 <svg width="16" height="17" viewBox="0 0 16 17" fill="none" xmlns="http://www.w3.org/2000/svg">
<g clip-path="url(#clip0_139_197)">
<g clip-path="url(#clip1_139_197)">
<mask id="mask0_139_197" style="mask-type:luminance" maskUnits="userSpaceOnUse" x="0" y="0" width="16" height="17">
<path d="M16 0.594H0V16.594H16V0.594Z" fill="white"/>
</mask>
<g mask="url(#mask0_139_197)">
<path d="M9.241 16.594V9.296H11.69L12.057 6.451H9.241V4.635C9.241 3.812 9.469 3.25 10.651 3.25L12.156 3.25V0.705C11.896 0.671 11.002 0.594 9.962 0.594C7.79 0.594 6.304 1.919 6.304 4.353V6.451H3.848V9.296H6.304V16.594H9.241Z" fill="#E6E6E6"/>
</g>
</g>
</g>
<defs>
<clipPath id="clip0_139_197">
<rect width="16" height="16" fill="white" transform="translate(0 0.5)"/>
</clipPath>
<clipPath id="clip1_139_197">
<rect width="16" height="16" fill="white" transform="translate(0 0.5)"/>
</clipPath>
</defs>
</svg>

---

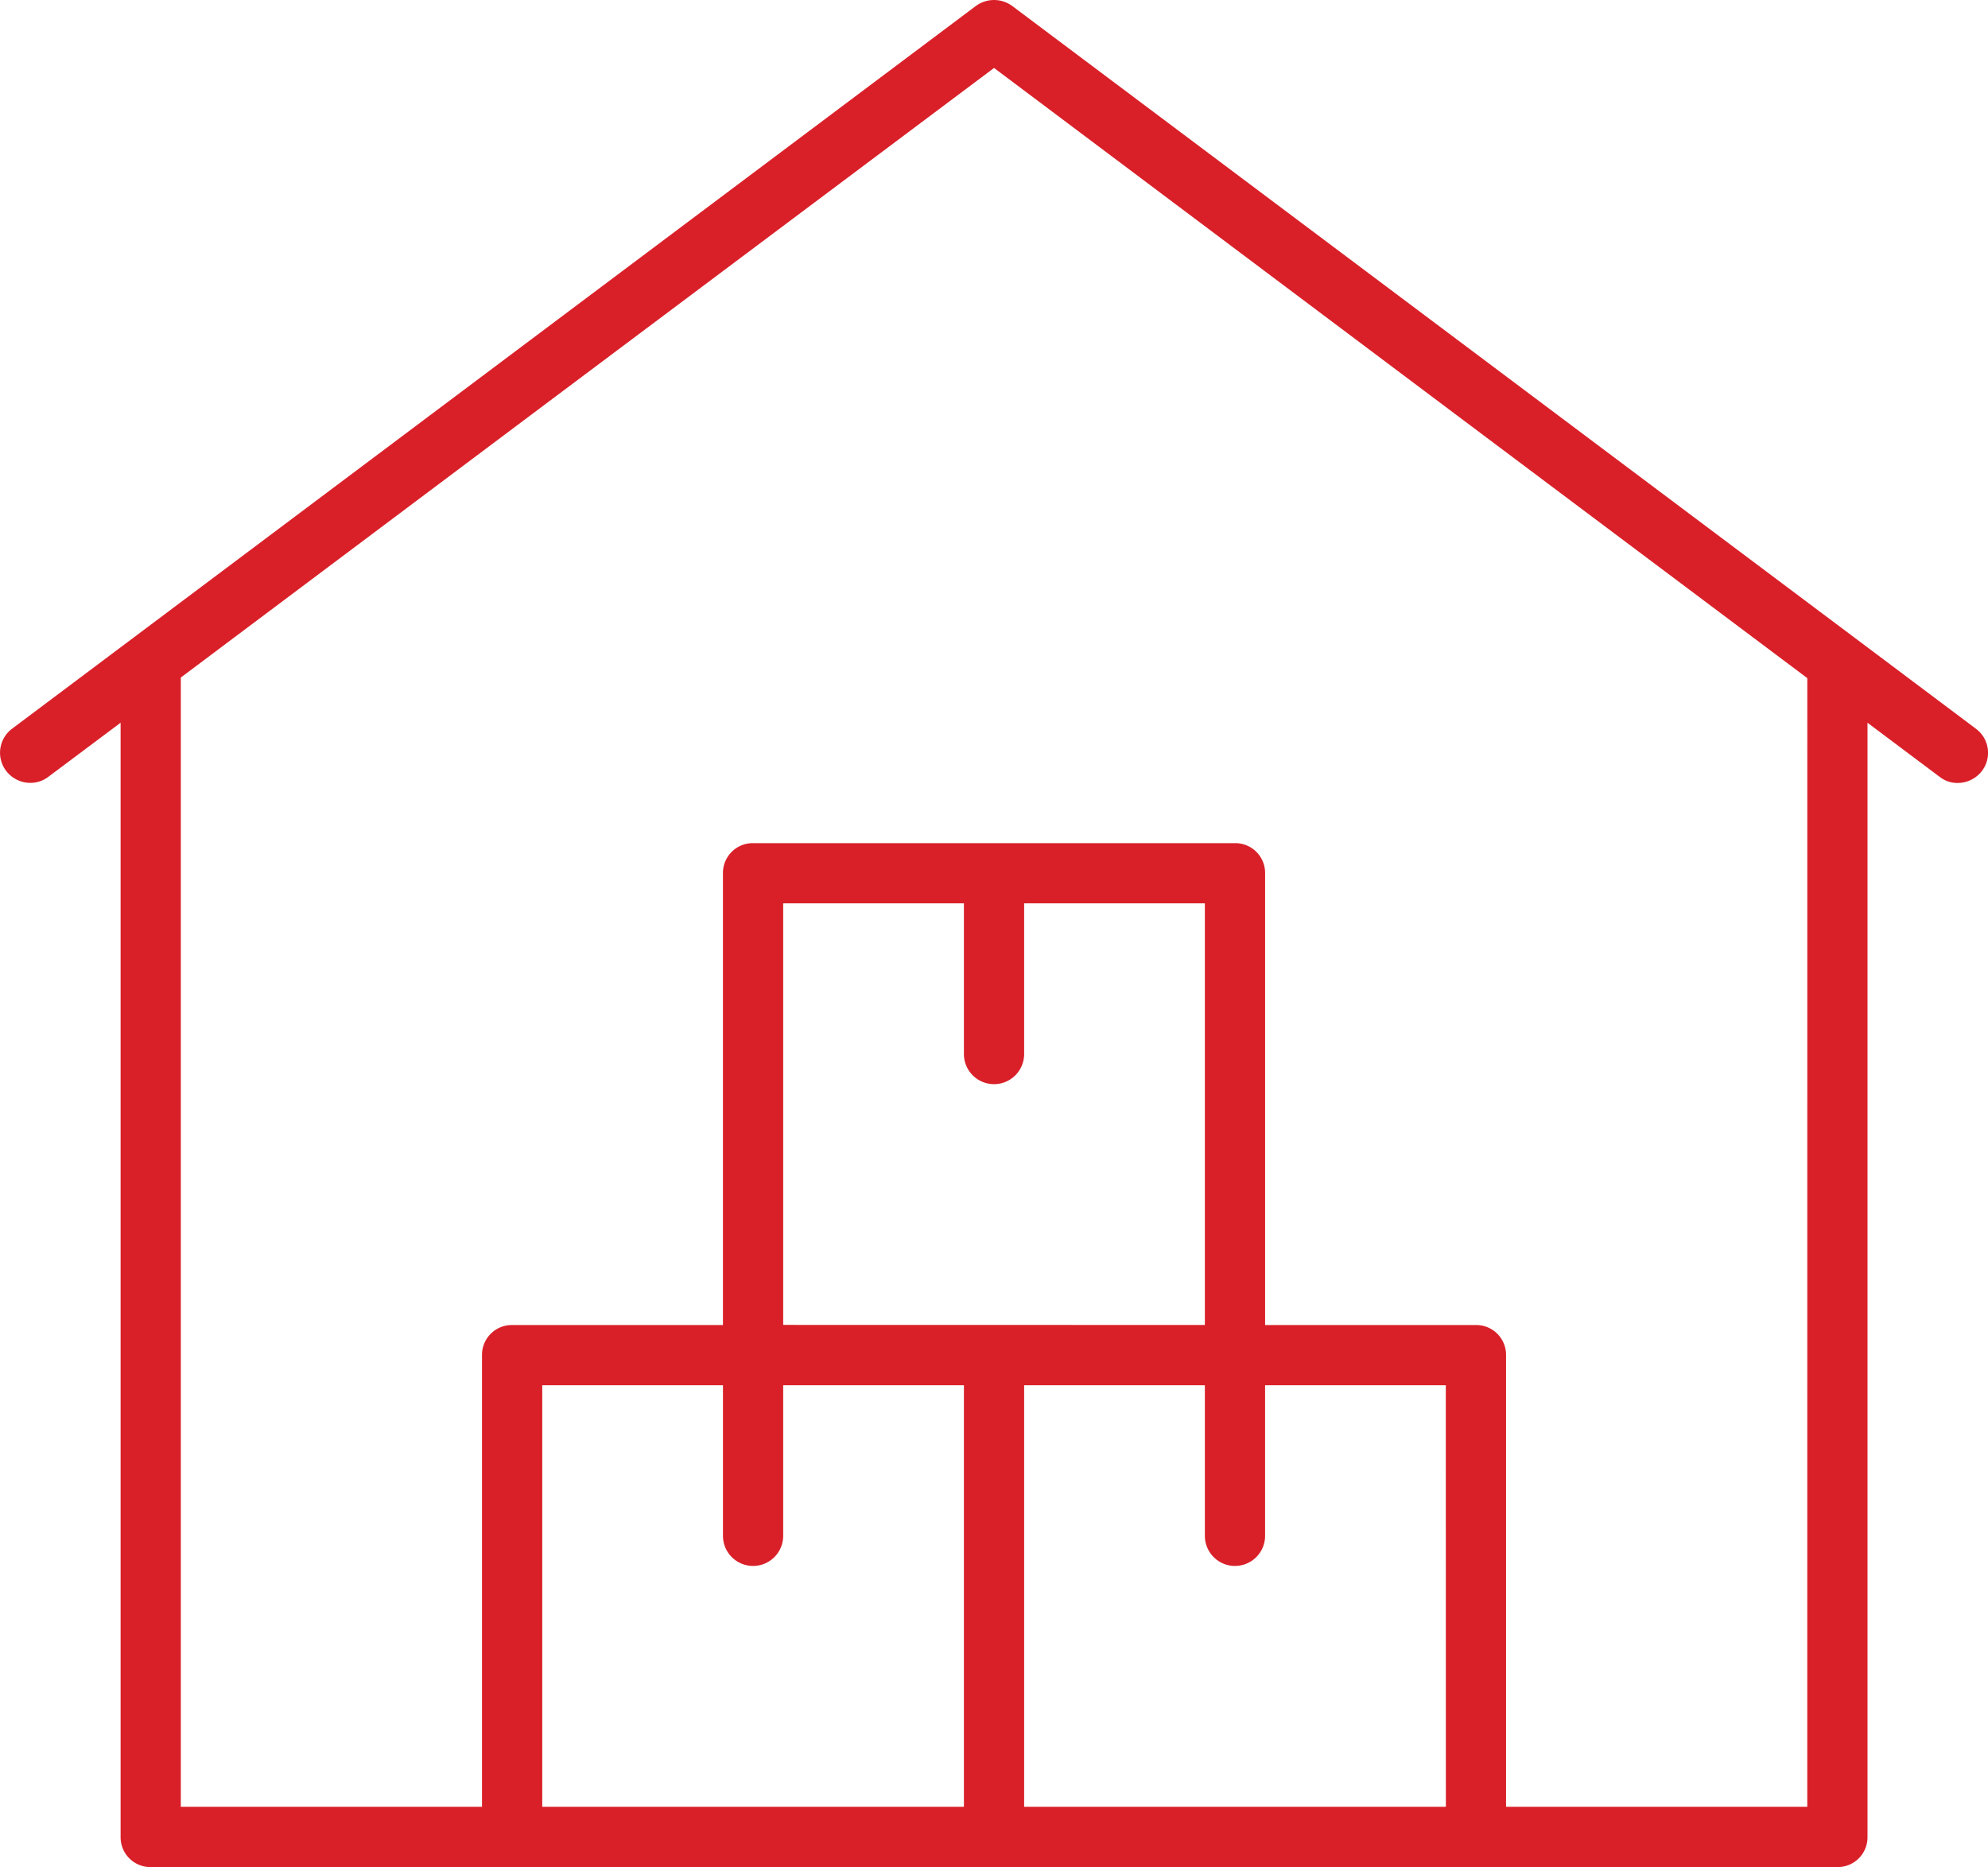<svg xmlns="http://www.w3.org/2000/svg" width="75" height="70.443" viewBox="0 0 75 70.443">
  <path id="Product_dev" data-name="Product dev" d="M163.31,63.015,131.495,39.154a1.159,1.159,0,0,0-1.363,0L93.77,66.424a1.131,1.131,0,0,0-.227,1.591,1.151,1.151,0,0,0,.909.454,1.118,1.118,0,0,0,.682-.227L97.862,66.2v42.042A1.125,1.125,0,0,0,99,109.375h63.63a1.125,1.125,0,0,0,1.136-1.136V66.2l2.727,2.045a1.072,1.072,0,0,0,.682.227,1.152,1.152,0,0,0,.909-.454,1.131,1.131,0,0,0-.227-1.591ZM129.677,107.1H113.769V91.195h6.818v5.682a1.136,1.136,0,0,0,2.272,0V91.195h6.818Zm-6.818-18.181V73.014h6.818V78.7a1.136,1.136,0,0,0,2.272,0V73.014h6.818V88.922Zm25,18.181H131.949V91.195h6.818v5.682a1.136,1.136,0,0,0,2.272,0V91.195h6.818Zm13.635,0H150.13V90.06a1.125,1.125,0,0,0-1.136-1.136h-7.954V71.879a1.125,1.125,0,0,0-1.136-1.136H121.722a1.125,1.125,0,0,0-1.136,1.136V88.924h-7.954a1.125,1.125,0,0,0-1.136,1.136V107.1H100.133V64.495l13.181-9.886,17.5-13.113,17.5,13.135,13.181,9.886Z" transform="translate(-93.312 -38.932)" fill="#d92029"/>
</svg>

--

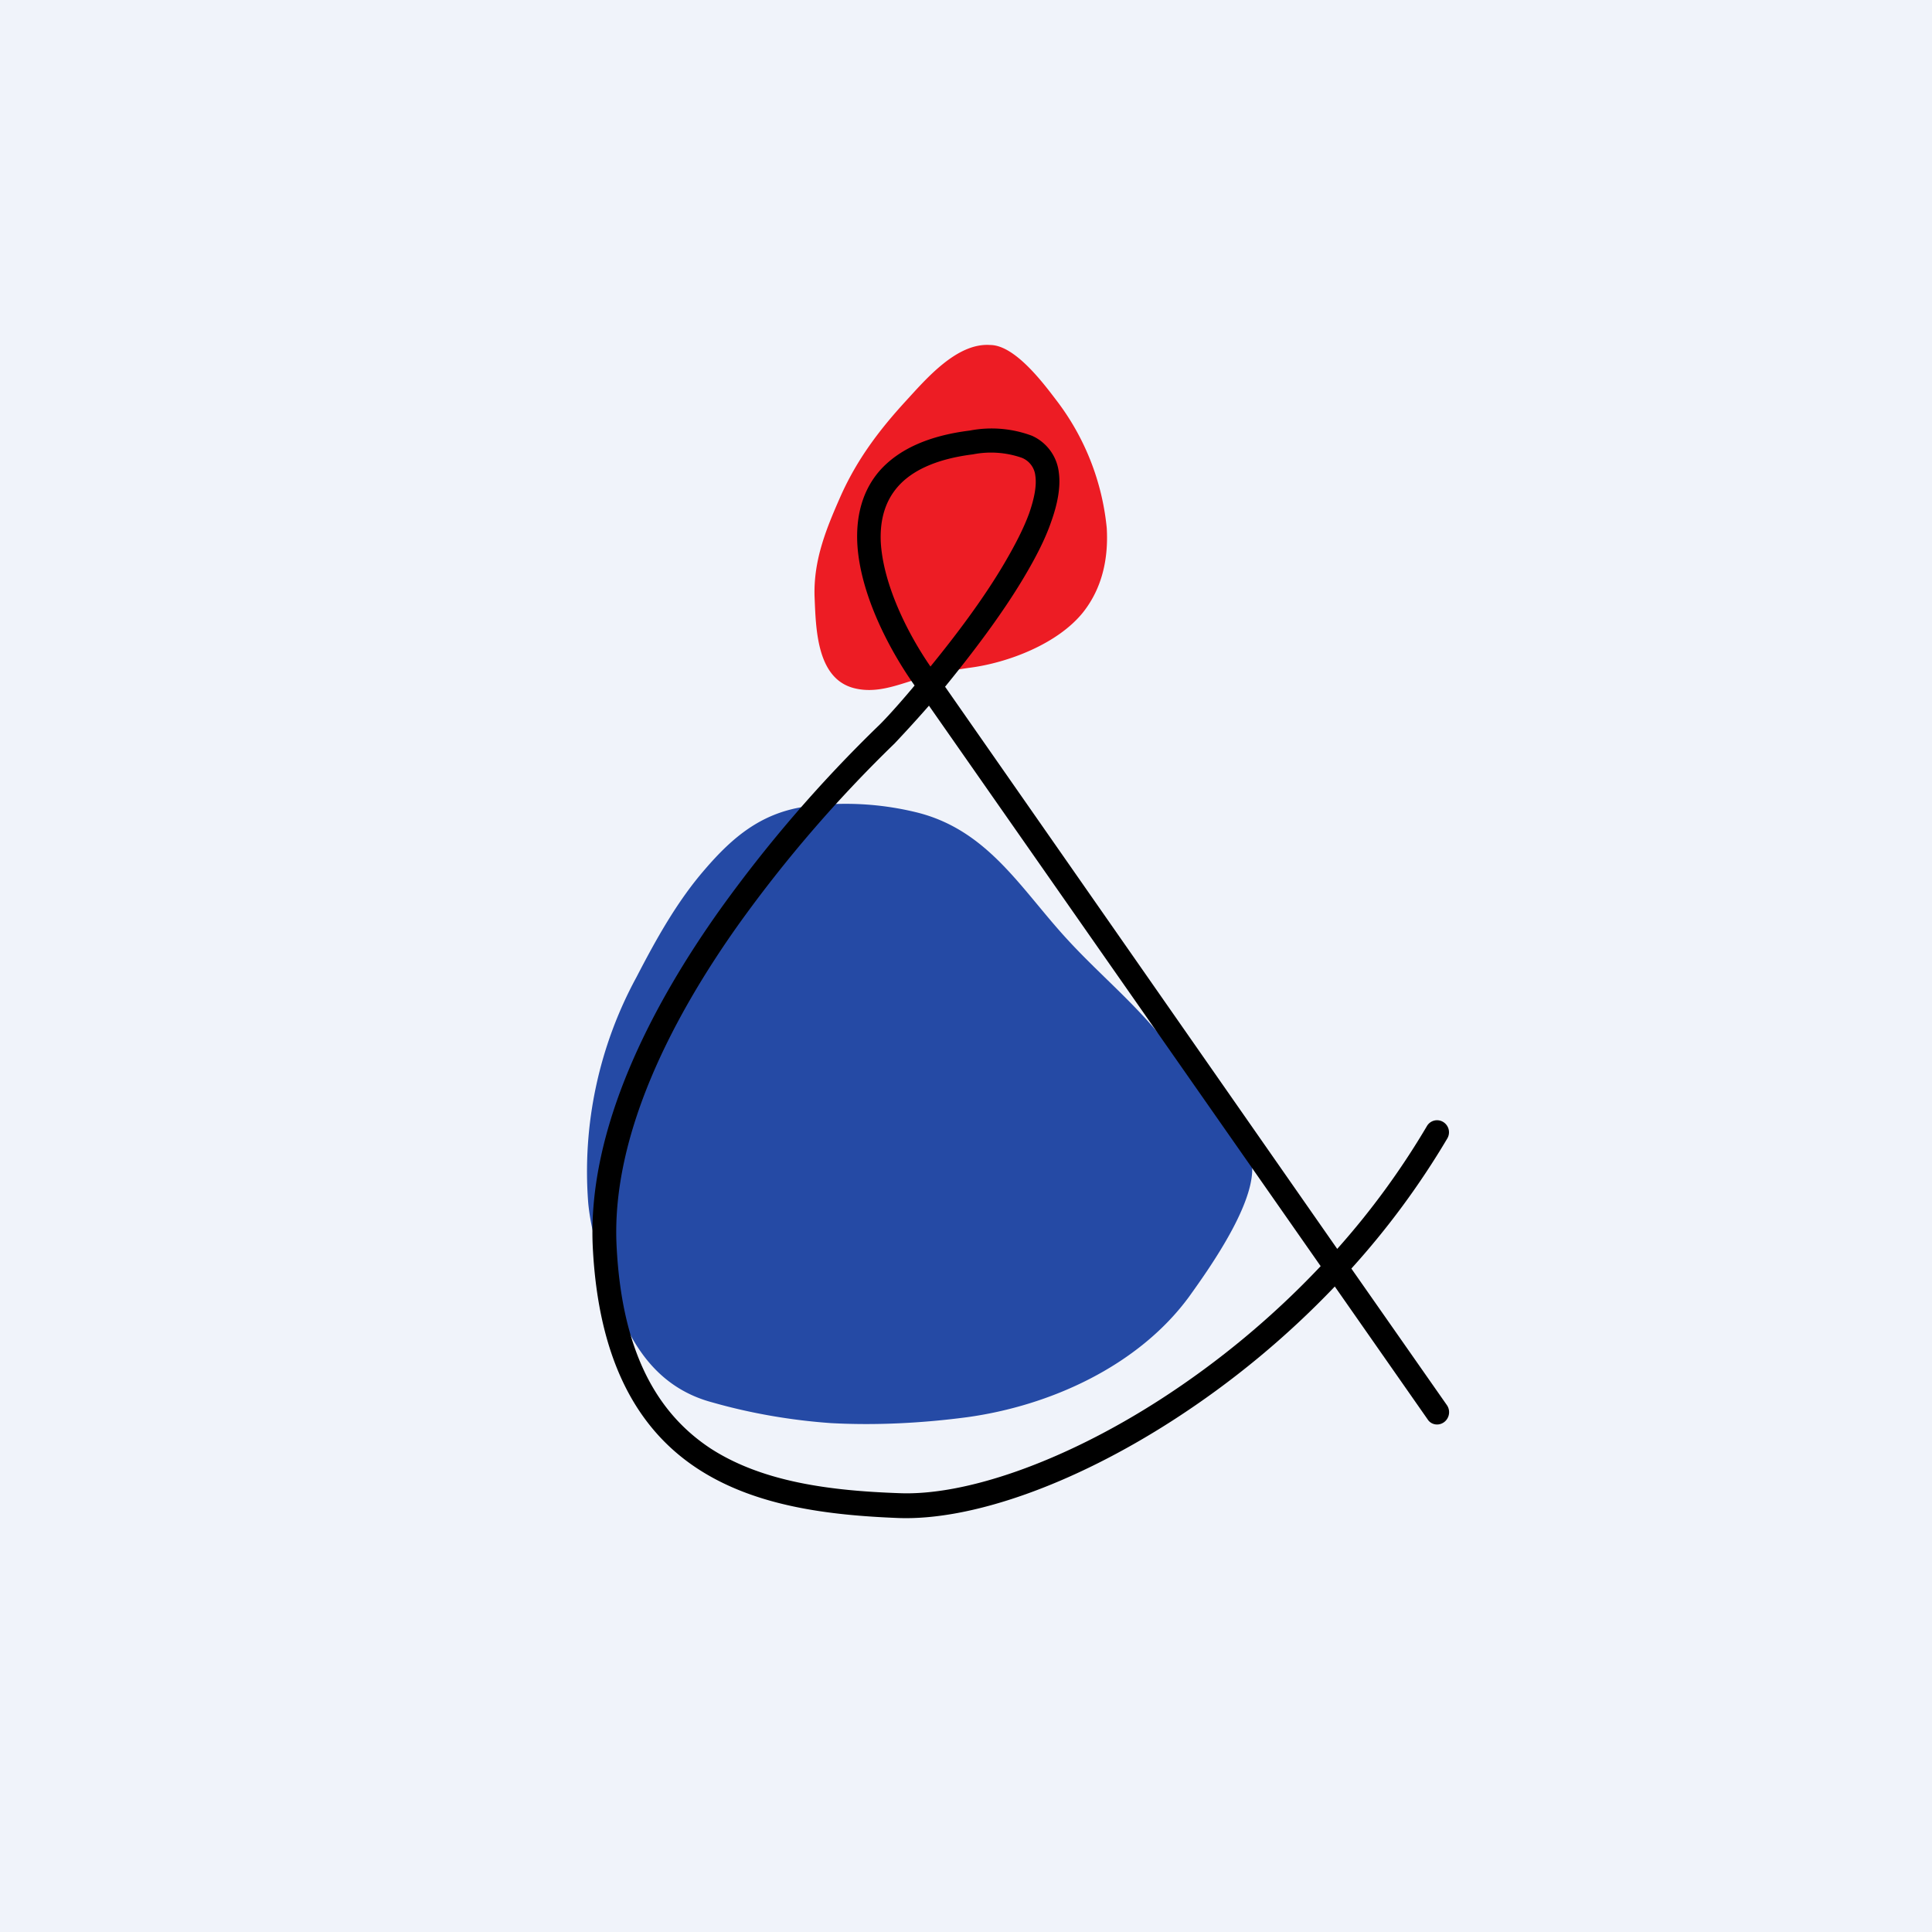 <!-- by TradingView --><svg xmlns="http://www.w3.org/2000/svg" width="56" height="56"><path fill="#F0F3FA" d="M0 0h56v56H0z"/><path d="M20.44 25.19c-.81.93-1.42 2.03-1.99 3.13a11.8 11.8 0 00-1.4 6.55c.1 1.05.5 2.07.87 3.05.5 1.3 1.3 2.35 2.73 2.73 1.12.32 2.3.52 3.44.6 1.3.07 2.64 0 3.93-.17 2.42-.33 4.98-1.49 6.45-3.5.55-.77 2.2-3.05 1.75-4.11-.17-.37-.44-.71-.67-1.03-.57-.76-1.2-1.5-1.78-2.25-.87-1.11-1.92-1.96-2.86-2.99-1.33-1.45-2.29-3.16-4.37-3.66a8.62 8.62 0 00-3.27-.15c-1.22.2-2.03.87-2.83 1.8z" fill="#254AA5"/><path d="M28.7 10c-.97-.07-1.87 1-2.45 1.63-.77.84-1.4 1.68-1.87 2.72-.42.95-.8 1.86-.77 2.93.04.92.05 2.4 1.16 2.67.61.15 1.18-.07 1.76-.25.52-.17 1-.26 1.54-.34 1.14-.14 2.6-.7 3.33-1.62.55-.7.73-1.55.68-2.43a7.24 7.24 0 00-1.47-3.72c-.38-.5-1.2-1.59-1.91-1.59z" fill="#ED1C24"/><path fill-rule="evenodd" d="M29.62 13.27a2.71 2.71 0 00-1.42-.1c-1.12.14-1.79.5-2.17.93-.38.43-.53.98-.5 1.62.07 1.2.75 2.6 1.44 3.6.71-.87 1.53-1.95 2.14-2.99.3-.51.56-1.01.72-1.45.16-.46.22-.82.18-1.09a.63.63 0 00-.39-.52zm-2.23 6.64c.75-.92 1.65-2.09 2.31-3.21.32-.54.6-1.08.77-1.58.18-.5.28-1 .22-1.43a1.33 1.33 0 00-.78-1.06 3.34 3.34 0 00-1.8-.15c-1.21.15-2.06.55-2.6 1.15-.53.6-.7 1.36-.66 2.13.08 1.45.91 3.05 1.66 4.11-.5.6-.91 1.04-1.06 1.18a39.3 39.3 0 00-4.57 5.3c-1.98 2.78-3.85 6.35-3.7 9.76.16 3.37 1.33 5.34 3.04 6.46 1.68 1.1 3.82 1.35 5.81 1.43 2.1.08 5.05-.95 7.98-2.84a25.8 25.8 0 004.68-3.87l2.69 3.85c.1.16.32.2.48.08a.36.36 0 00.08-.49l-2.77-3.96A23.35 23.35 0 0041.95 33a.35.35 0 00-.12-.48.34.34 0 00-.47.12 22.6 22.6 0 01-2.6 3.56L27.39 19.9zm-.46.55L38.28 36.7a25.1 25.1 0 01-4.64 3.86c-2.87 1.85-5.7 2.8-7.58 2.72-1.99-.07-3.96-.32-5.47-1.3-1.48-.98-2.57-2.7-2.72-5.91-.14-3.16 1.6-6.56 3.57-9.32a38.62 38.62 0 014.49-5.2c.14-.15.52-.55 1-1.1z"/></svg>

- Exercise
Say how many lines above hold the word "mask", giving only the count.

- Result of the exercise
3